As is evident to readers of this report, there are a number of statistical subfields that are central to modern test and evaluation activity in military acquisitions. They include:
the design of experiments;
reliability theory, and more generally, the "quality sciences," including standard suitability issues such as availability and maintainability and areas such as statistical process control;
validation of modeling and simulation;
Bayesian methods; and
The panel has noted that there are deficiencies, some quite serious in magnitude, in current knowledge and practices in these subject areas vis-à-vis military testing and evaluation. These are some areas that could be emphasized by agencies such as the ARO, ONR, and AFOSR.
It is not appropriate to call for specific work in areas like experimental design, reliability, or software testing without having a clear notion about the potential value of different contributions in these areas. An effective program of sponsored research would require prior input from both the potential users of research findings and the research community. It would require specifying the innovations that practitioners need and the theoretical developments required to address the applications of interest.
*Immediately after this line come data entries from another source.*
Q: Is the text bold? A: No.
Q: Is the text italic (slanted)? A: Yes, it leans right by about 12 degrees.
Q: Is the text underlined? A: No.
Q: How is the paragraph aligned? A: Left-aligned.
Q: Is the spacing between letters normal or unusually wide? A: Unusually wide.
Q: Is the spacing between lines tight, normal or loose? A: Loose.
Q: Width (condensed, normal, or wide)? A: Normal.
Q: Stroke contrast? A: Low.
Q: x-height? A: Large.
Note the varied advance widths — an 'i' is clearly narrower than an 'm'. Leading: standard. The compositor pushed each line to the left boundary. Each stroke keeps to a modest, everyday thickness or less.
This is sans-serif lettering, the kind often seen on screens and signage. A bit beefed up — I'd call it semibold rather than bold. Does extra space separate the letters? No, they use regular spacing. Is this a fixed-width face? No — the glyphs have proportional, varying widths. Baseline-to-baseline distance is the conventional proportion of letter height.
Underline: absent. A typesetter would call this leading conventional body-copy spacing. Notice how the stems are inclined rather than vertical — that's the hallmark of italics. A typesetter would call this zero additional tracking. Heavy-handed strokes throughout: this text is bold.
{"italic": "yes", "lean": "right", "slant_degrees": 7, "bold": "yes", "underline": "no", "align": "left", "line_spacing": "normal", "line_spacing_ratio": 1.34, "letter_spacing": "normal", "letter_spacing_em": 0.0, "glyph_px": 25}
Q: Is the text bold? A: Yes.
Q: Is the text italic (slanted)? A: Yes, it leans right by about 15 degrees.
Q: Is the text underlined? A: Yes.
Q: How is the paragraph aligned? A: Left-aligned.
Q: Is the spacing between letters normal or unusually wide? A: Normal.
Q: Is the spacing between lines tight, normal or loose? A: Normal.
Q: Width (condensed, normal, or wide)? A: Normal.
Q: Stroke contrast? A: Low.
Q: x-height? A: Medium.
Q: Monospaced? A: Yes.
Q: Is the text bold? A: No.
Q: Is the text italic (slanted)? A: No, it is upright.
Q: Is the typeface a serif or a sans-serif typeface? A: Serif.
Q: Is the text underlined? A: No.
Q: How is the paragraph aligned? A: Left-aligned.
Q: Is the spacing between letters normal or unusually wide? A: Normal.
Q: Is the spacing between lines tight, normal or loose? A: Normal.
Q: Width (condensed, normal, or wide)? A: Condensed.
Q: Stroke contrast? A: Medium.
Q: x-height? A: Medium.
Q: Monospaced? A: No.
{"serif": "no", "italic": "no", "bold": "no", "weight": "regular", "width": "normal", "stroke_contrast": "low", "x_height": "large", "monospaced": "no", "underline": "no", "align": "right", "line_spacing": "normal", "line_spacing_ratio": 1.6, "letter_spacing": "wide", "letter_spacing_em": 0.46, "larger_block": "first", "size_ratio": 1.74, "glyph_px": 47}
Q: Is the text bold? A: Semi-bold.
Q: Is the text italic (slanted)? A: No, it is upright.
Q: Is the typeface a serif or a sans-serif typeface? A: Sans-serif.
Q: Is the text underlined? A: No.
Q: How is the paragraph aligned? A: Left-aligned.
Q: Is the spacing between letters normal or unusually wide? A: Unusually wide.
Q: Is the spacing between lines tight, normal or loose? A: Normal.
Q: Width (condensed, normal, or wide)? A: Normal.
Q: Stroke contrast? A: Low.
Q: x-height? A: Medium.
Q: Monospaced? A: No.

There is a fundamental need for a collaborative effort between the military operational test and evaluation community and the statistical research community directed at defining new research initiatives. Developing such a research program, including preferred providers in government, industry, and academia would be a good continuing task for the Statistical Analysis Improvement Group that we recommend be established. One of its missions should be to advise the Undersecretary of Defense for Acquisition and Technology on the priorities of research on technical issues raised by the developmental and operational testing of defense systems and the potential sources for such research. At the same time, we suggest that the ARO, ONR, and AFOSR, consider increasing the priority of research on technical issues raised by the developmental and operational testing of defense systems. These applications are extremely important and might greatly benefit by new advances in statistical and related methodology. Sponsored research can be an extremely useful tool, for generating progress on many of the important issues described here, and it has not been used particularly effectively in recent years. Support of both external sponsored research and internal statistical methods research is critical if the services are to embrace improved statistical methods in designing and interpreting test and evaluation activities.